## Exercise:
Using the word "Length" as the filter, copy each matching line from the records.

START Material supplied

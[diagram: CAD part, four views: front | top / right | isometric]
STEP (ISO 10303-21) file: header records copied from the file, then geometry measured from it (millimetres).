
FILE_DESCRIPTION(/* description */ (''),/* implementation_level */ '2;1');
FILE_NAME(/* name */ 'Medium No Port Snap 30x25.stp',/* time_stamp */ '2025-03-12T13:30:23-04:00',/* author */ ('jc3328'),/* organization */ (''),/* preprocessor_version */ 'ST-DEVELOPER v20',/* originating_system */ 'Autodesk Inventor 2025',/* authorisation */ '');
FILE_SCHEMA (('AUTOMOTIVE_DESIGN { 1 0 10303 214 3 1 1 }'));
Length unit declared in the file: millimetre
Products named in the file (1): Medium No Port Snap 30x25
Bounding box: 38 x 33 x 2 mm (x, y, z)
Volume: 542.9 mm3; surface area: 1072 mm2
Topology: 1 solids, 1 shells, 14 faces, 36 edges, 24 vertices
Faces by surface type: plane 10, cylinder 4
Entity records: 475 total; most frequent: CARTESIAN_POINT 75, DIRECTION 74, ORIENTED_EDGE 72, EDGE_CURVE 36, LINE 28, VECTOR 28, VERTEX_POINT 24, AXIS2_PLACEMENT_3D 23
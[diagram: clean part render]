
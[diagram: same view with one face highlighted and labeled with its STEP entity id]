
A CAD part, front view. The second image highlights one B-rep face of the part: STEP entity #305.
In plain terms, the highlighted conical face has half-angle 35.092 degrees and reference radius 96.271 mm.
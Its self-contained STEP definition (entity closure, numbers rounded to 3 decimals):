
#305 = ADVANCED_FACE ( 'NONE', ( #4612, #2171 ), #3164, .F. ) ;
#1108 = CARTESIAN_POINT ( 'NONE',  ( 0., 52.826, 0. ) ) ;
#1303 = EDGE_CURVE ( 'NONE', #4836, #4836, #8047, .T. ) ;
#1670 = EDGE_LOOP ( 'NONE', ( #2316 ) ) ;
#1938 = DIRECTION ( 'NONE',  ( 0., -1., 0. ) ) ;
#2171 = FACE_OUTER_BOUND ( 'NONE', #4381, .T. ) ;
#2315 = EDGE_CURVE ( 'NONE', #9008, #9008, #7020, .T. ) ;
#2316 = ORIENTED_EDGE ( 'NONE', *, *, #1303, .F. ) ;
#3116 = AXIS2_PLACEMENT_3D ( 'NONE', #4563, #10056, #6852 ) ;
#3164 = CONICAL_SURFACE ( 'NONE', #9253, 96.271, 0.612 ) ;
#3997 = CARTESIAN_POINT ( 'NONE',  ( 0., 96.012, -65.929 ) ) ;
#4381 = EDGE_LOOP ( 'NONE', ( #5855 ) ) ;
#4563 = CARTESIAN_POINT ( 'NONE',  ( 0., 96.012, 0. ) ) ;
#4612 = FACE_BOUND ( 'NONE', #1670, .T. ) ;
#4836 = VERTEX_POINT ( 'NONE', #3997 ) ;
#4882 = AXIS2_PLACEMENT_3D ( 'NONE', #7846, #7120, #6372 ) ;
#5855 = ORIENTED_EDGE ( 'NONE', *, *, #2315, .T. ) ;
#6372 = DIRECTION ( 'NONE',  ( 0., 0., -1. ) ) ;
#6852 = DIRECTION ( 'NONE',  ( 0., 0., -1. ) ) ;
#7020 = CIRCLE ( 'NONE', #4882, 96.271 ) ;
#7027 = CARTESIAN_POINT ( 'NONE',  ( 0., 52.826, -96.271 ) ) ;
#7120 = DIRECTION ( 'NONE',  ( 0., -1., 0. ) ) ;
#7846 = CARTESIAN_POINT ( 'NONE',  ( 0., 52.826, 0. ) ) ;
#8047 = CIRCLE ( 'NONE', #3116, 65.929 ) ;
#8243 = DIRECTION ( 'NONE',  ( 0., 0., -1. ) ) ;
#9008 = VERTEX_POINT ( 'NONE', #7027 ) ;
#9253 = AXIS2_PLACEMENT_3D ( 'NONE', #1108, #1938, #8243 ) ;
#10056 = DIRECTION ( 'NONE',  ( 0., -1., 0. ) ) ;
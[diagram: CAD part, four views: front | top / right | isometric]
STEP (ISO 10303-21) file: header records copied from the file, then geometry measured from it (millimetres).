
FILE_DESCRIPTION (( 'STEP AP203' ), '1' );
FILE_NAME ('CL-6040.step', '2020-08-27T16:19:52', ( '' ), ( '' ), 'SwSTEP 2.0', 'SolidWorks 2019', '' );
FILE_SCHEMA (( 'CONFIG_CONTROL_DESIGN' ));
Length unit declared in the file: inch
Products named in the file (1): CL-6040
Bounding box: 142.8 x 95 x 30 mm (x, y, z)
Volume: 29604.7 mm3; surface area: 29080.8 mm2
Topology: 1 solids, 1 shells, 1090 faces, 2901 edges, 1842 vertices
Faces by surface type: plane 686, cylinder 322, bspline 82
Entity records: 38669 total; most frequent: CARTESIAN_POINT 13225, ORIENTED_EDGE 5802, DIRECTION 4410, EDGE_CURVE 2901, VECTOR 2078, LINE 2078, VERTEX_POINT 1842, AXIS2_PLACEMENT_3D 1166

END Material supplied

## Result below:
Length unit declared in the file: millimetre
Length unit declared in the file: inch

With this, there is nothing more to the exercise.